The VBA (sorry that I used to be able to do way better than this 20 years ago )
Sub toFile()
Dim FilePath As String, CellData As String, LastCol As Long, LastRow As Long
Dim Filenum As Integer
Dim theFileName As String
LastCol = ActiveSheet.UsedRange.SpecialCells(xlCellTypeLastCell).Column
LastRow = ActiveSheet.UsedRange.SpecialCells(xlCellTypeLastCell).Row
For i = 3 To LastRow
theFileName = ThisWorkbook.Name & " - " & ActiveSheet.Cells(1, 1).Value & " - " & Trim(ActiveSheet.Cells(i, 1).Value)
FilePath = "/Users/username/Desktop/TestFolder2" & "/" & theFileName & ".txt"
Filenum = FreeFile
Open FilePath For Output As Filenum
CellData = ""
For j = 2 To LastCol
CellData = ActiveSheet.Cells(2, j).Value & ":"
Print #Filenum, CellData
CellData = Trim(ActiveSheet.Cells(i, j).Value) & vbCrLf
Print #Filenum, CellData
Next j
Close #Filenum
Next i
MsgBox ("Done")
End Sub
I want to rename all files in a database.

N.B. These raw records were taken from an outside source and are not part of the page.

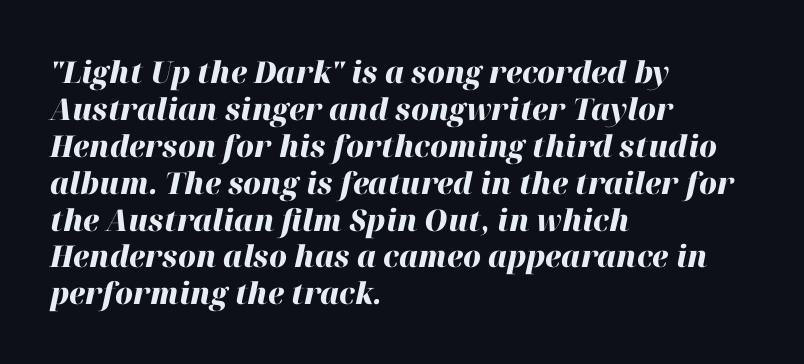
Q: Is the text bold? A: Yes.
Q: Is the text italic (slanted)? A: Yes, it leans right by about 12 degrees.
Q: Is the text underlined? A: No.
Q: How is the paragraph aligned? A: Left-aligned.
Q: Is the spacing between letters normal or unusually wide? A: Normal.
Q: Width (condensed, normal, or wide)? A: Normal.
Q: Stroke contrast? A: High.
Q: x-height? A: Medium.
Q: Monospaced? A: No.
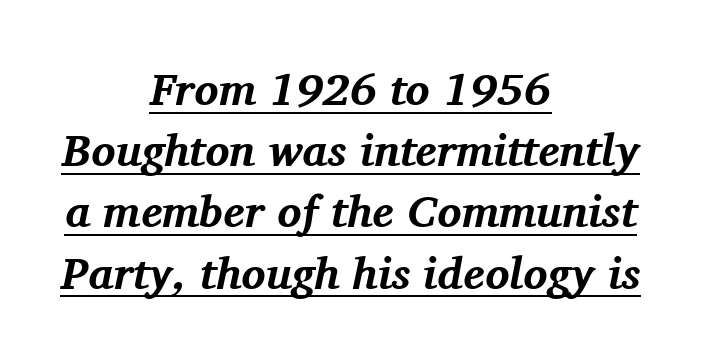
The image shows 45 px bold serif type, italic (leaning right); set centered, normal line spacing (1.36x), normal letter spacing, underlined; medium stroke contrast and a medium x-height.
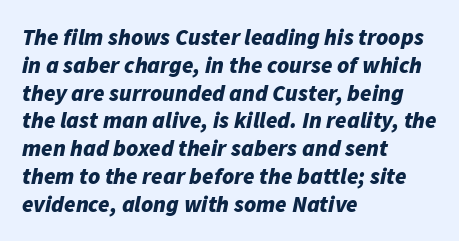
The image shows 23 px bold type, italic (leaning right); set left-aligned, line spacing 1.21x, normal letter spacing, not underlined.
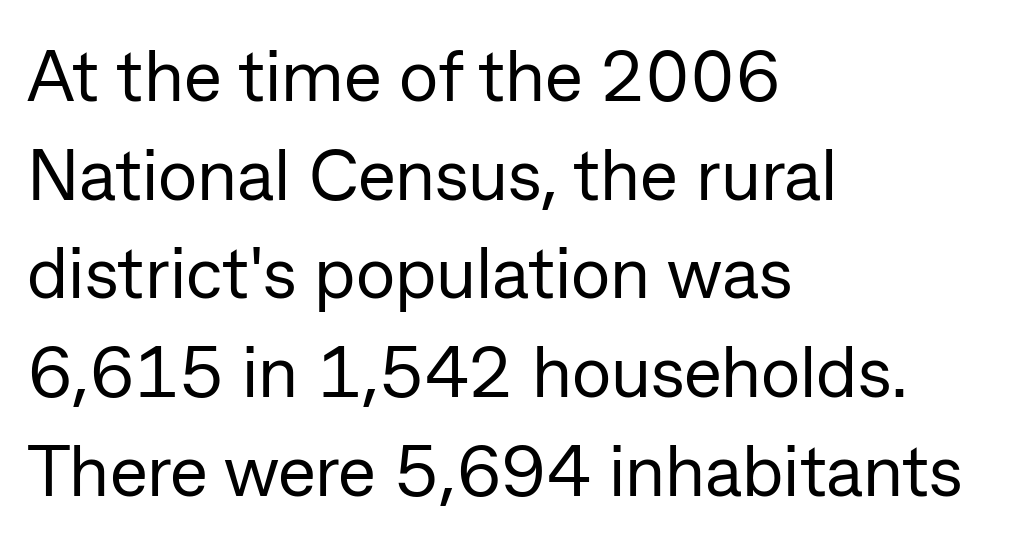
Grotesque or geometric, the face here clearly has no serifs. Here the designer chose a conventional face with non-uniform glyph widths. Letters rest on an invisible, unmarked baseline. Does the leading feel generous? No, just average.
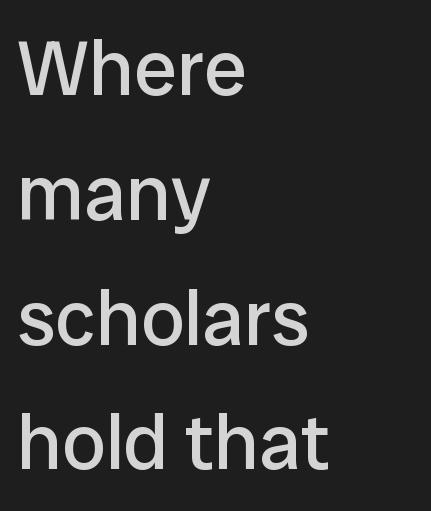
{"serif": "no", "italic": "no", "bold": "no", "weight": "regular", "width": "normal", "stroke_contrast": "low", "x_height": "medium", "monospaced": "no", "underline": "no", "align": "left", "line_spacing": "normal", "line_spacing_ratio": 1.6, "letter_spacing": "normal", "letter_spacing_em": 0.0, "glyph_px": 78}
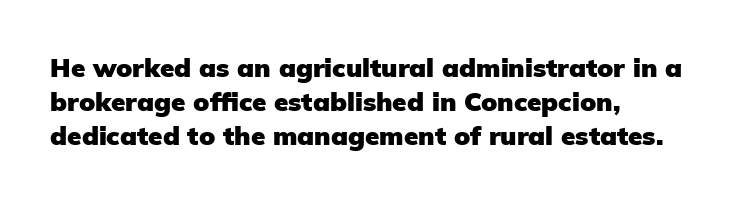
Q: Is the text bold? A: Yes.
Q: Is the text italic (slanted)? A: No, it is upright.
Q: Is the text underlined? A: No.
Q: How is the paragraph aligned? A: Left-aligned.
Q: Is the spacing between letters normal or unusually wide? A: Normal.
Q: Is the spacing between lines tight, normal or loose? A: Normal.

The second line is the title that I wish as a new filename.
But:
some titles are so big
some titles have special characters as + or /
Is it possible to create a way to rename it, using an automatic command or script that:
select the second line of a markdown file as its name
limit this filename into 30 characters or 8 words (for e.g.)

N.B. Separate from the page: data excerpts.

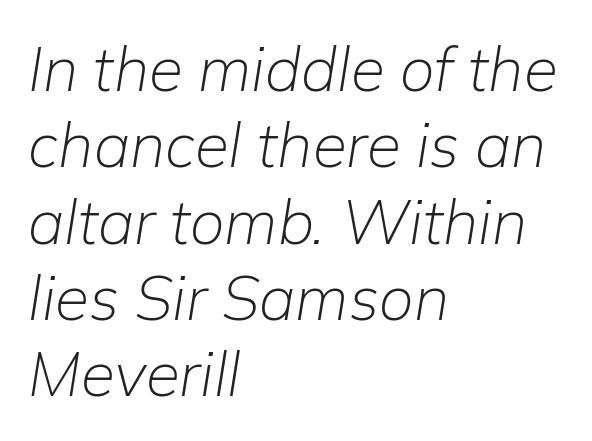
These lines are rendered in a variable-pitch font. Heft: none added — not bold. This sample uses plain, unmodified letter spacing. Rendered with sloped, italic letterforms. In CSS terms this would be text-align: left.
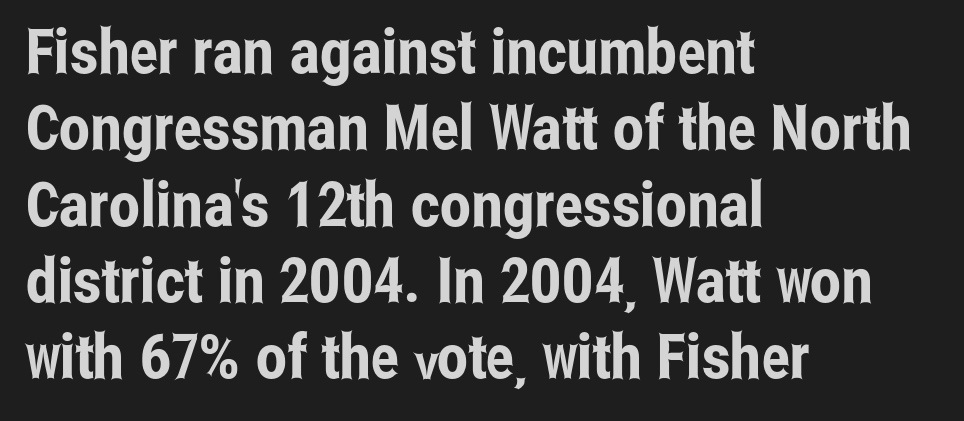
{"serif": "no", "italic": "no", "width": "condensed", "stroke_contrast": "low", "x_height": "medium", "monospaced": "no", "underline": "no", "align": "left", "line_spacing_ratio": 1.23, "letter_spacing": "normal", "letter_spacing_em": 0.0, "glyph_px": 62}
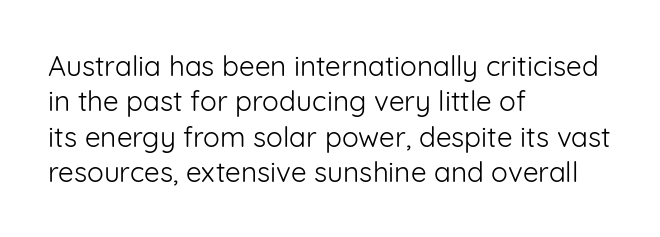
Q: Is the text bold? A: No.
Q: Is the text italic (slanted)? A: No, it is upright.
Q: Is the typeface a serif or a sans-serif typeface? A: Sans-serif.
Q: Is the text underlined? A: No.
Q: How is the paragraph aligned? A: Left-aligned.
Q: Is the spacing between letters normal or unusually wide? A: Normal.
Q: Is the spacing between lines tight, normal or loose? A: Normal.
Q: Width (condensed, normal, or wide)? A: Normal.
Q: Stroke contrast? A: Low.
Q: x-height? A: Medium.
Q: Monospaced? A: No.

original name: Method and apparatus of three-dimensional printing and electronic apparatus
text to use to rename: Method and apparatus of three-dimensional printing
There might be a better/more elegant way to script, and I haven’t tested the scripts extensively.
For words.
on performSmartRule(theRecords)
tell application id "DNtp"
repeat with theRecord in theRecords
set theText to plain text of theRecord
set theName to paragraph 2 of theText
set theWordCount to count (every word of theName)
if theWordCount > 8 then
tell application "TextEdit" to set AppleScript's text item delimiters to " "

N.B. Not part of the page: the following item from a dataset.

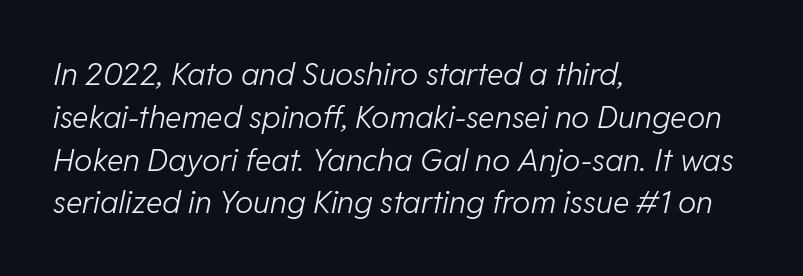
{"italic": "yes", "lean": "right", "slant_degrees": 11, "bold": "no", "weight": "light", "width": "normal", "stroke_contrast": "low", "x_height": "medium", "monospaced": "no", "underline": "no", "align": "left", "line_spacing": "normal", "line_spacing_ratio": 1.38, "letter_spacing": "normal", "letter_spacing_em": 0.0, "glyph_px": 31}

set name of theRecord to (words 1 thru 8 of theName) as string
tell application "TextEdit" to set AppleScript's text item delimiters to ""
else
set name of theRecord to theName
end if
end repeat
end tell
end performSmartRule
For characters
on performSmartRule(theRecords)
tell application id "DNtp"
repeat with theRecord in theRecords
set theText to plain text of theRecord
set theName to paragraph 2 of theText
set theCount to count theName
if theCount > 30 then
set name of theRecord to texts 1 thru 30 of theName
else
set name of theRecord to texts 1 thru -1 of theName
end if
end repeat
end tell
end performSmartRule
I don’t know how to deal with special character, not familiar with regex.